Damit den Demonstrierenden, die nicht in der Lage waren mit den Mitgliedern des LAK Shalom in den Dialog zu treten, zu zeigen das antiisraelische Stimmungsmache nicht von allen Menschen akzeptiert wird, wurde auch sichtbar Protest gezeigt. Mit einem Transparent gegen Antisemitismus und einer Israelfahne zogen sich die Aktivisten dann noch mehr lautstarke Beschimpfungen auf sich, auf die wir hier nicht weiter eingehen möchten.

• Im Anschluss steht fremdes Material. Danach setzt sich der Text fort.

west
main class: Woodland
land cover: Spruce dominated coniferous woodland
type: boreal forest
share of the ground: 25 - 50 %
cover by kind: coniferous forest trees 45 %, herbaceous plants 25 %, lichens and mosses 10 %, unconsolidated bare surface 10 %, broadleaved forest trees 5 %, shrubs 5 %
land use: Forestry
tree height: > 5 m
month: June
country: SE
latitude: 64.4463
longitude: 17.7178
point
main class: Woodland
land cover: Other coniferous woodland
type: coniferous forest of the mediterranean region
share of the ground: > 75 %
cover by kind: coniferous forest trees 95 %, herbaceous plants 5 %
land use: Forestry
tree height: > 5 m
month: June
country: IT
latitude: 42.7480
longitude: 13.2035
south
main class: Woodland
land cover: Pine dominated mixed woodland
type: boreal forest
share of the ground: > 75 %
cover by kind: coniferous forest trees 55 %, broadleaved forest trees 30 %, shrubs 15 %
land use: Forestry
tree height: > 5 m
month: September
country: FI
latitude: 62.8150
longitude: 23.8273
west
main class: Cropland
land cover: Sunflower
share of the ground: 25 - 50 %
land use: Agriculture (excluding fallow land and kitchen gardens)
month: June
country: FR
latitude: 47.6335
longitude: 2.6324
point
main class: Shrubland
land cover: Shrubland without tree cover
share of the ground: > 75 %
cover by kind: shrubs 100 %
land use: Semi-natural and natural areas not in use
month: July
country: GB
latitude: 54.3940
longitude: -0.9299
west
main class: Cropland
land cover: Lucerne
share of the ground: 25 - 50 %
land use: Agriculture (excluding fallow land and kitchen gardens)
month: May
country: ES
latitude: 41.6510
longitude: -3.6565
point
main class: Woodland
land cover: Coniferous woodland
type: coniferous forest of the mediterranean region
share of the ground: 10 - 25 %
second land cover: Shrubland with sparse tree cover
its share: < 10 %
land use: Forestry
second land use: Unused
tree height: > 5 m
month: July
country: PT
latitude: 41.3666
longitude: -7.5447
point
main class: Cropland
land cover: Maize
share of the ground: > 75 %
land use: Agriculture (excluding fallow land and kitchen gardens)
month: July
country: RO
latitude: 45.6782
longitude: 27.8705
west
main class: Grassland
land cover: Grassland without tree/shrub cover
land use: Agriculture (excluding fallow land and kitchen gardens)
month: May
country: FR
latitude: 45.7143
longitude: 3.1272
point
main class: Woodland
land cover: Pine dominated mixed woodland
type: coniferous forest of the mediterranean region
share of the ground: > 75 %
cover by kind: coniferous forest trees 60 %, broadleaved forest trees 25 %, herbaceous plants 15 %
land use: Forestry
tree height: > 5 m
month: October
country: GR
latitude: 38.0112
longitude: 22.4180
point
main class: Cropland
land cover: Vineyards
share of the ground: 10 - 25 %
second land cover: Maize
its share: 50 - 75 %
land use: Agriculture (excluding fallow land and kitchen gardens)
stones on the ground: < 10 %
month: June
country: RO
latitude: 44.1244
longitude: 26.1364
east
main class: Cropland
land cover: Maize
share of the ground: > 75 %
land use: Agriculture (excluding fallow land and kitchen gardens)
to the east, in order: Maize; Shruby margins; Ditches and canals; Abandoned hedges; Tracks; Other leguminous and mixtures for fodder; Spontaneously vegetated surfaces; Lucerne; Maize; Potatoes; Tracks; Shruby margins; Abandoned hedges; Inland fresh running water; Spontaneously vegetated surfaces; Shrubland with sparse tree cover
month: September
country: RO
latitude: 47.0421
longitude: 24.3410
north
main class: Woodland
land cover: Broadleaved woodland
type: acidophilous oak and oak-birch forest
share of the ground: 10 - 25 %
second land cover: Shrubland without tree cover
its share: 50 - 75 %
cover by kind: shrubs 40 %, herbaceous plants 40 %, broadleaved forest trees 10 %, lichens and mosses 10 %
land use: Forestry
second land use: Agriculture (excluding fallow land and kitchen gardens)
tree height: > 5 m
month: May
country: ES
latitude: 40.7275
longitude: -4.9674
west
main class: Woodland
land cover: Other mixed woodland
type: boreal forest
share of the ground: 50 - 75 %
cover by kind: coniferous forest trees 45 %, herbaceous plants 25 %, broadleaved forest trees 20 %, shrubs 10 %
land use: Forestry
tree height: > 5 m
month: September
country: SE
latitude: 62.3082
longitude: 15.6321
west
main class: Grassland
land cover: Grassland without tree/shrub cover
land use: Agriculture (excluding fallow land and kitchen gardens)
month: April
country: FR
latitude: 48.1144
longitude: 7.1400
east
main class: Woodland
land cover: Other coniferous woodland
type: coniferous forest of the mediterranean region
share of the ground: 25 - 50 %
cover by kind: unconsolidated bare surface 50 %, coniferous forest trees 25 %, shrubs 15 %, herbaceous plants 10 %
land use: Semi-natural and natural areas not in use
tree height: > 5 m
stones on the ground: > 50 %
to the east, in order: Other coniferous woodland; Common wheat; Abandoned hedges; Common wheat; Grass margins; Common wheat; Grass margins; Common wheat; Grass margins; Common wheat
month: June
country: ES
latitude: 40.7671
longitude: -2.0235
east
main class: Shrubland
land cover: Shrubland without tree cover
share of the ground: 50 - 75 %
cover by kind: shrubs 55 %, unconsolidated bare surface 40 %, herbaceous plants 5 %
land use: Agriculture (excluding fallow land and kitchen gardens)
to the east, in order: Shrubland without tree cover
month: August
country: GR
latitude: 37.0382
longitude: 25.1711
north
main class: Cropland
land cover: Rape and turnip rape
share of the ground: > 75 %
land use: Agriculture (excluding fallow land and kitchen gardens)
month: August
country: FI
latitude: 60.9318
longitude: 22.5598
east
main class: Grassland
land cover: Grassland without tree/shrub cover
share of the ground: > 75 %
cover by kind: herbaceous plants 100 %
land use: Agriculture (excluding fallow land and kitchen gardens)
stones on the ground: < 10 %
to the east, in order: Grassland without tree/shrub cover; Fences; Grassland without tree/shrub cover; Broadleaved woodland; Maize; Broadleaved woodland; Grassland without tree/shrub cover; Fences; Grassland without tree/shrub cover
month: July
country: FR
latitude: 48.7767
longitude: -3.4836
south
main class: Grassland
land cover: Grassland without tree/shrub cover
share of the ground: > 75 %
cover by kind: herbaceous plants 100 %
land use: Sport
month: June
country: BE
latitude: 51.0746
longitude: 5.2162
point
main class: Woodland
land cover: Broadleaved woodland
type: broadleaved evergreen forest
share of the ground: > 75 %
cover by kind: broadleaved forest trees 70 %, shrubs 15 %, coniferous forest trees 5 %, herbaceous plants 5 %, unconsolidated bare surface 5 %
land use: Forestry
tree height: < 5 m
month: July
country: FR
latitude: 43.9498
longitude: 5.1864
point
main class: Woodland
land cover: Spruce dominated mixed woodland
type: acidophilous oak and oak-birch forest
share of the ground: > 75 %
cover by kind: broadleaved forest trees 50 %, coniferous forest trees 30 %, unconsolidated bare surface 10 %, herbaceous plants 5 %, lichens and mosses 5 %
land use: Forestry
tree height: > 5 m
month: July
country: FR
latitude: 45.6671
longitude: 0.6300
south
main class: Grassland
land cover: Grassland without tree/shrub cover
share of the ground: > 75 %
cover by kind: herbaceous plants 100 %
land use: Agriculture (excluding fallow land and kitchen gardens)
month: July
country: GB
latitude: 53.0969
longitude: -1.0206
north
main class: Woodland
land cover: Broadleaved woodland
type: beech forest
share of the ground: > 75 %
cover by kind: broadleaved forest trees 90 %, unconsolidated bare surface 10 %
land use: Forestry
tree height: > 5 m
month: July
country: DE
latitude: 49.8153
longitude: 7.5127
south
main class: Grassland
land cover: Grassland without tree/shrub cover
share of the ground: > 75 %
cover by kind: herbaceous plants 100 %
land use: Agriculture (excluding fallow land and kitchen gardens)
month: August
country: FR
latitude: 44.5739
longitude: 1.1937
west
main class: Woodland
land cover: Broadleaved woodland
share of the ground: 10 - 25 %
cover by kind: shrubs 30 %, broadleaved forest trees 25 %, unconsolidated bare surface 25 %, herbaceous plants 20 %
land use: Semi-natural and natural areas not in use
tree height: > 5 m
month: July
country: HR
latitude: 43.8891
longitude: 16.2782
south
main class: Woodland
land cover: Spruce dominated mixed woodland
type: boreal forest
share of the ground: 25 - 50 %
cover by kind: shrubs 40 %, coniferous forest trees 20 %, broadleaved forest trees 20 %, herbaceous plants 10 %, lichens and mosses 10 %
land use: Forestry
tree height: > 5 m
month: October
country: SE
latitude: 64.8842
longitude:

Nach kurzer Zeit wurden die Personen die gegen Antisemitismus und Antizionismus protestierten von Polizeibeamten umstellt und erhielten Platzverweise. Zur Sicherheit hatten die Veranstalter der antiisraelischen Kundgebung schon mal die Aktivisten aus der Versammlung ausgeschlossen, damit sie sich gar nicht weiter in dem Bereich aufhalten können.

Den Platzverweisen wurde natürlich nachgekommen und so wurde der Platz vor dem Bundeskanzleramt verlassen. Der Protest gegen eine tiefverwurzelte Israelfeindschaft eines Teiles von selbst ernannten linken Menschen wurde aber erfolgreich gezeigt.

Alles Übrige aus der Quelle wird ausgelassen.